Following up what you said about etaslope, wouldn’t it help for etaslope to be identifiable to fit random intercepts with the group argument (i.e. (Time_num | Fam_Ind)? Otherwise, I am not sure whether etaslope makes much sense then with just two unique values. But I may have mistaken that part…

Also, I am curious about whether it is possible to test three-way interactions between main effects and the two biomarkers (i.e. Food * Growth rate * Pigmentation rate) on survival. This would effectively test for differences in fitness landscapes between the treatments.

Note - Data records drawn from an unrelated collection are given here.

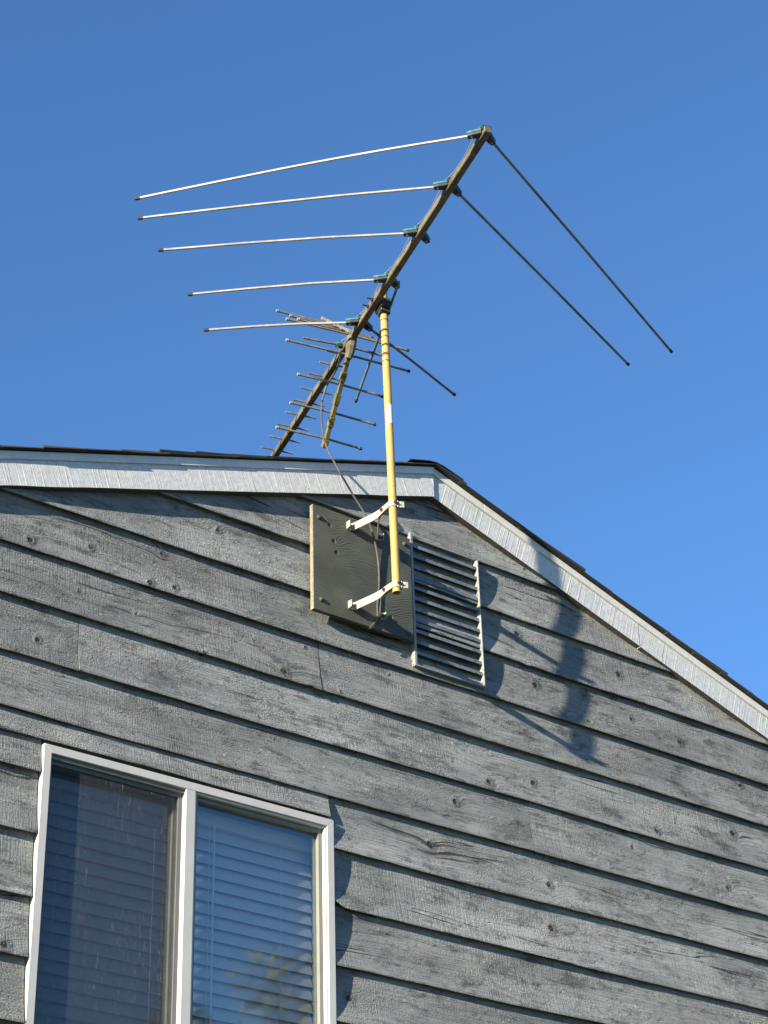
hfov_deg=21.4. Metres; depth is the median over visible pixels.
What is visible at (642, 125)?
sky
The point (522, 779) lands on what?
house
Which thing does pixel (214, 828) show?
window blind
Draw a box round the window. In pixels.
[21,743,335,1023]
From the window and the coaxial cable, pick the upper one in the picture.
the coaxial cable
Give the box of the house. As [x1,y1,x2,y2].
[0,445,767,1023]
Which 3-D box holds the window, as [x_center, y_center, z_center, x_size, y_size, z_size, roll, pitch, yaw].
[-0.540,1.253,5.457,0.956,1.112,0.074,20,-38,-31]
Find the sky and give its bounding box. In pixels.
[0,0,767,703]
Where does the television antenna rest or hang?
attached to the antenna mast
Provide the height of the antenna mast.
1.183 m
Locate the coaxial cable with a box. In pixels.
[320,349,379,628]
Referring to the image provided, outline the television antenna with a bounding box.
[134,124,672,455]
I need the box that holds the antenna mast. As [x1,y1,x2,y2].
[346,293,407,620]
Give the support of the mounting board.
attached to the house
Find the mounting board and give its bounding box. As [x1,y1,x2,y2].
[310,504,413,642]
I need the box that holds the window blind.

You don’t mention it in the function reference, so I assume that this is probably not possible, but I was wondering what you thought about this.

Thanks again, I will keep you posted.

@mluerig No worries, not sure of the exact roadmap for the next rstanarm release (perhaps @bgoodri can advise), but he did use the word “imminent” in previous correspondence! ;-)

Yeah, specifying (Time_num | Fam_Ind) would definitely make more sense for an etaslope association structure. But from memory, fitting a model with a random effect for Time_num was not easy with your data (if I recall correctly, perhaps even lme4::lmer failed to converge for the univariate longitudinal case?) which might make sense given the limited longitudinal data. I’m not sure though, you’d have to investigate.

At the moment, a three-way interaction would only be possible if two of the terms in the interaction were known covariates. A three-way interaction in which two of the terms in the interaction are (modelled) longitudinal biomarkers is not possible. I don’t know if I’d plan to add that any time soon (I think there would be very few use cases).